• _Task description_
Nothing is needed except the lines below that run from the one with "#3459 = CARTESIAN_POINT" through the one with "#4504 = LINE ( 'NONE', #5425, #3357 ) ;", repeated exactly.

• _Given data_
□ □ □ □

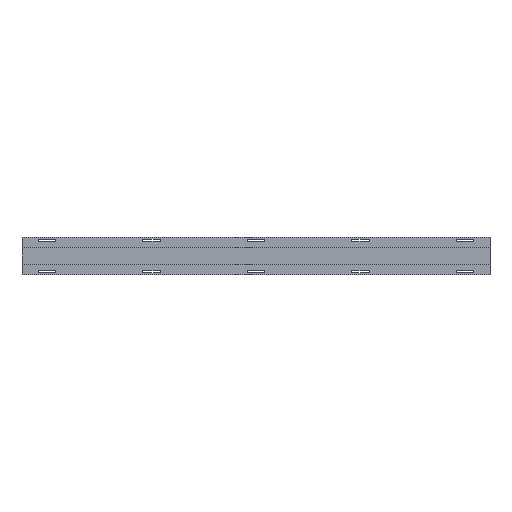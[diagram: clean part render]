
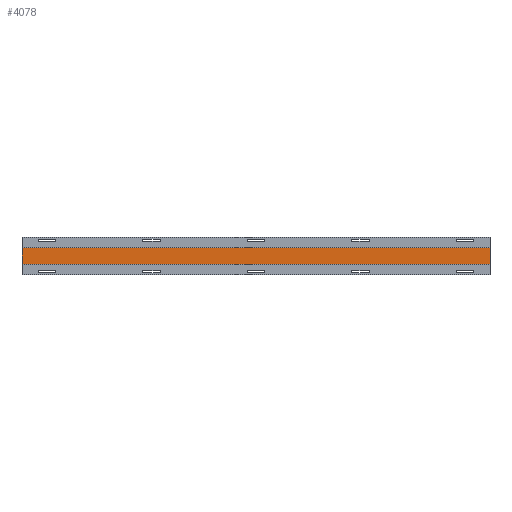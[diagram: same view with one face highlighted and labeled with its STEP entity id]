
A CAD part, front view. The second image highlights one B-rep face of the part: STEP entity #4078.
In plain terms, the highlighted planar face has unit normal (0, -1, 0).
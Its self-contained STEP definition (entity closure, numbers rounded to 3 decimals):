
#236 = VERTEX_POINT ( 'NONE', #3115 ) ;
#826 = PLANE ( 'NONE',  #5589 ) ;
#1151 = CARTESIAN_POINT ( 'NONE',  ( -726.403, -218.871, 1526. ) ) ;
#1586 = LINE ( 'NONE', #3459, #3547 ) ;
#1616 = CARTESIAN_POINT ( 'NONE',  ( 773.597, -218.871, 1526. ) ) ;
#1711 = VERTEX_POINT ( 'NONE', #2926 ) ;
#1785 = VECTOR ( 'NONE', #2600, 1000. ) ;
#2186 = ORIENTED_EDGE ( 'NONE', *, *, #4833, .F. ) ;
#2600 = DIRECTION ( 'NONE',  ( -1., 0., 0. ) ) ;
#2926 = CARTESIAN_POINT ( 'NONE',  ( -726.403, -218.871, 1526. ) ) ;
#3070 = ORIENTED_EDGE ( 'NONE', *, *, #4739, .T. ) ;
#3075 = VECTOR ( 'NONE', #4390, 1000. ) ;
#3115 = CARTESIAN_POINT ( 'NONE',  ( -726.403, -218.871, 1474. ) ) ;
#3141 = DIRECTION ( 'NONE',  ( 0., 1., 0. ) ) ;
#3191 = DIRECTION ( 'NONE',  ( 0., 0., -1. ) ) ;
#3199 = CARTESIAN_POINT ( 'NONE',  ( 773.597, -218.871, 1526. ) ) ;
#3357 = VECTOR ( 'NONE', #3191, 1000. ) ;
#3415 = CARTESIAN_POINT ( 'NONE',  ( 773.597, -218.871, 1474. ) ) ;
#3459 = CARTESIAN_POINT ( 'NONE',  ( 773.597, -218.871, 1526. ) ) ;
#3522 = EDGE_CURVE ( 'NONE', #4323, #1711, #1586, .T. ) ;
#3547 = VECTOR ( 'NONE', #5323, 1000. ) ;
#3827 = ORIENTED_EDGE ( 'NONE', *, *, #4375, .F. ) ;
#3931 = LINE ( 'NONE', #1151, #3075 ) ;
#4078 = ADVANCED_FACE ( 'NONE', ( #4898 ), #826, .F. ) ;
#4323 = VERTEX_POINT ( 'NONE', #1616 ) ;
#4375 = EDGE_CURVE ( 'NONE', #5955, #236, #4918, .T. ) ;
#4390 = DIRECTION ( 'NONE',  ( 0., 0., -1. ) ) ;
#4504 = LINE ( 'NONE', #5425, #3357 ) ;
#4739 = EDGE_CURVE ( 'NONE', #1711, #236, #3931, .T. ) ;
#4833 = EDGE_CURVE ( 'NONE', #4323, #5955, #4504, .T. ) ;
#4898 = FACE_OUTER_BOUND ( 'NONE', #5221, .T. ) ;
#4918 = LINE ( 'NONE', #5348, #1785 ) ;
#5157 = ORIENTED_EDGE ( 'NONE', *, *, #3522, .T. ) ;
#5221 = EDGE_LOOP ( 'NONE', ( #3070, #3827, #2186, #5157 ) ) ;
#5323 = DIRECTION ( 'NONE',  ( -1., 0., 0. ) ) ;
#5348 = CARTESIAN_POINT ( 'NONE',  ( 773.597, -218.871, 1474. ) ) ;
#5361 = DIRECTION ( 'NONE',  ( 0., 0., 1. ) ) ;
#5425 = CARTESIAN_POINT ( 'NONE',  ( 773.597, -218.871, 1526. ) ) ;
#5589 = AXIS2_PLACEMENT_3D ( 'NONE', #3199, #3141, #5361 ) ;
#5955 = VERTEX_POINT ( 'NONE', #3415 ) ;
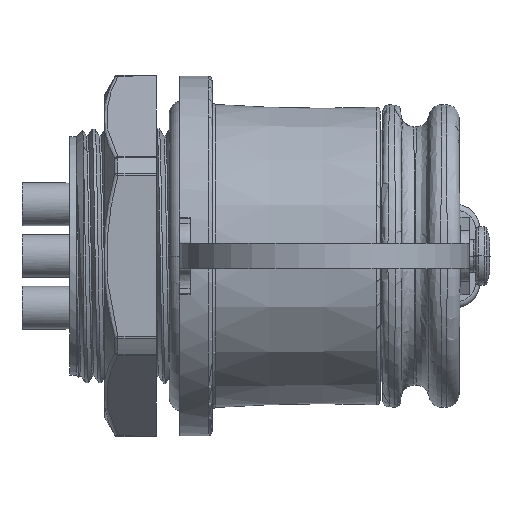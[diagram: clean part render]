
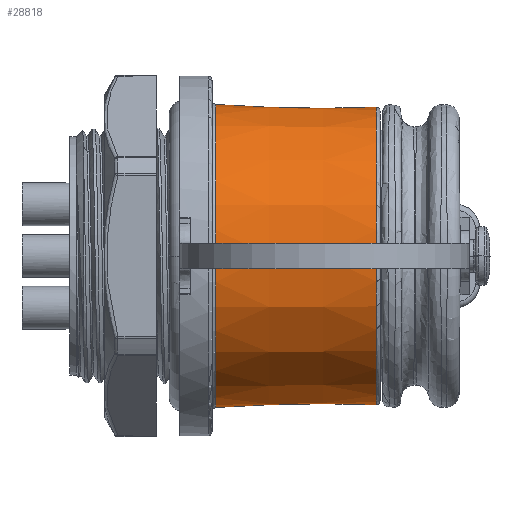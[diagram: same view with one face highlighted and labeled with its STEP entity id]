
A CAD part, front view. The second image highlights one B-rep face of the part: STEP entity #28818.
In plain terms, the highlighted conical face has half-angle 1 degrees and reference radius 11.614 mm.
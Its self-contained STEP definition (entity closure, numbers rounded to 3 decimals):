
#9470=CARTESIAN_POINT('',(0.295,10.861,4.409));
#9471=CARTESIAN_POINT('',(1.673,10.844,4.385));
#9472=CARTESIAN_POINT('',(4.429,10.812,4.338));
#9473=CARTESIAN_POINT('',(8.566,10.762,4.266));
#9474=CARTESIAN_POINT('',(11.325,10.729,4.219));
#9475=CARTESIAN_POINT('',(12.705,10.713,4.195));
#9477=CARTESIAN_POINT('',(12.705,10.713,-4.195));
#9478=CARTESIAN_POINT('',(11.325,10.729,-4.219));
#9479=CARTESIAN_POINT('',(8.566,10.762,-4.266));
#9480=CARTESIAN_POINT('',(4.429,10.812,-4.338));
#9481=CARTESIAN_POINT('',(1.673,10.845,-4.385));
#9482=CARTESIAN_POINT('',(0.295,10.861,
-4.409));
#9531=CARTESIAN_POINT('',(12.705,10.713,-4.195));
#9533=CARTESIAN_POINT('',(12.705,0.,0.));
#9534=DIRECTION('',(-1.,0.,0.));
#9535=DIRECTION('',(0.,0.931,-0.365));
#9536=AXIS2_PLACEMENT_3D('',#9533,#9534,#9535);
#9538=CARTESIAN_POINT('',(12.705,0.,0.));
#9539=DIRECTION('',(-1.,0.,0.));
#9540=DIRECTION('',(0.,-1.,0.));
#9541=AXIS2_PLACEMENT_3D('',#9538,#9539,#9540);
#9543=CARTESIAN_POINT('',(12.705,0.,0.));
#9544=DIRECTION('',(-1.,0.,0.));
#9545=DIRECTION('',(0.,-1.,0.001));
#9546=AXIS2_PLACEMENT_3D('',#9543,#9544,#9545);
#9617=CARTESIAN_POINT('',(0.295,0.,0.));
#9618=DIRECTION('',(1.,0.,0.));
#9619=DIRECTION('',(0.,0.927,0.376));
#9620=AXIS2_PLACEMENT_3D('',#9617,#9618,#9619);
#9622=CARTESIAN_POINT('',(0.295,0.,0.));
#9623=DIRECTION('',(1.,0.,0.));
#9624=DIRECTION('',(0.,-1.,0.001));
#9625=AXIS2_PLACEMENT_3D('',#9622,#9623,#9624);
#9627=CARTESIAN_POINT('',(0.295,0.,0.));
#9628=DIRECTION('',(1.,0.,0.));
#9629=DIRECTION('',(0.,-1.,0.));
#9630=AXIS2_PLACEMENT_3D('',#9627,#9628,#9629);
#11110=VERTEX_POINT('',#9531);
#11111=VERTEX_POINT('',#9470);
#11112=VERTEX_POINT('',#9475);
#11113=VERTEX_POINT('',#9482);
#11377=CARTESIAN_POINT('',(0.295,-11.722,
0.013));
#11378=VERTEX_POINT('',#11377);
#11379=CARTESIAN_POINT('',(0.295,-11.722,0.));
#11380=VERTEX_POINT('',#11379);
#11640=CARTESIAN_POINT('',(12.705,-11.505,0.));
#11641=VERTEX_POINT('',#11640);
#11642=CARTESIAN_POINT('',(12.705,-11.505,
0.013));
#11643=VERTEX_POINT('',#11642);
#28796=CARTESIAN_POINT('',(6.5,0.,0.));
#28797=DIRECTION('',(-1.,0.,0.));
#28798=DIRECTION('',(0.,1.,0.));
#28799=AXIS2_PLACEMENT_3D('',#28796,#28797,#28798);
#28800=CONICAL_SURFACE('',#28799,11.613,1.);
#28802=ORIENTED_EDGE('',*,*,#28801,.T.);
#28804=ORIENTED_EDGE('',*,*,#28803,.F.);
#28806=ORIENTED_EDGE('',*,*,#28805,.F.);
#28808=ORIENTED_EDGE('',*,*,#28807,.F.);
#28809=ORIENTED_EDGE('',*,*,#28779,.T.);
#28811=ORIENTED_EDGE('',*,*,#28810,.F.);
#28813=ORIENTED_EDGE('',*,*,#28812,.F.);
#28815=ORIENTED_EDGE('',*,*,#28814,.F.);
#28816=EDGE_LOOP('',(#28802,#28804,#28806,#28808,#28809,#28811,#28813,#28815));
#28817=FACE_OUTER_BOUND('',#28816,.F.);
#28818=ADVANCED_FACE('',(#28817),#28800,.T.);
#9476=B_SPLINE_CURVE_WITH_KNOTS('',3,(#9470,#9471,#9472,#9473,#9474,#9475),
.UNSPECIFIED.,.F.,.F.,(4,1,1,4),(0.,0.333,0.667,1.),
.UNSPECIFIED.);
#9483=B_SPLINE_CURVE_WITH_KNOTS('',3,(#9477,#9478,#9479,#9480,#9481,#9482),
.UNSPECIFIED.,.F.,.F.,(4,1,1,4),(0.,0.333,0.667,1.),
.UNSPECIFIED.);
#9537=CIRCLE('',#9536,11.505);
#9542=CIRCLE('',#9541,11.505);
#9547=CIRCLE('',#9546,11.505);
#9621=CIRCLE('',#9620,11.722);
#9626=CIRCLE('',#9625,11.722);
#9631=CIRCLE('',#9630,11.722);
#28779=EDGE_CURVE('',#11110,#11113,#9483,.T.);
#28801=EDGE_CURVE('',#11111,#11112,#9476,.T.);
#28803=EDGE_CURVE('',#11643,#11112,#9547,.T.);
#28805=EDGE_CURVE('',#11641,#11643,#9542,.T.);
#28807=EDGE_CURVE('',#11110,#11641,#9537,.T.);
#28810=EDGE_CURVE('',#11380,#11113,#9631,.T.);
#28812=EDGE_CURVE('',#11378,#11380,#9626,.T.);
#28814=EDGE_CURVE('',#11111,#11378,#9621,.T.);

□ □ □ □

• _Answer to the exercise_
#3459 = CARTESIAN_POINT ( 'NONE',  ( 773.597, -218.871, 1526. ) ) ;
#3522 = EDGE_CURVE ( 'NONE', #4323, #1711, #1586, .T. ) ;
#3547 = VECTOR ( 'NONE', #5323, 1000. ) ;
#3827 = ORIENTED_EDGE ( 'NONE', *, *, #4375, .F. ) ;
#3931 = LINE ( 'NONE', #1151, #3075 ) ;
#4078 = ADVANCED_FACE ( 'NONE', ( #4898 ), #826, .F. ) ;
#4323 = VERTEX_POINT ( 'NONE', #1616 ) ;
#4375 = EDGE_CURVE ( 'NONE', #5955, #236, #4918, .T. ) ;
#4390 = DIRECTION ( 'NONE',  ( 0., 0., -1. ) ) ;
#4504 = LINE ( 'NONE', #5425, #3357 ) ;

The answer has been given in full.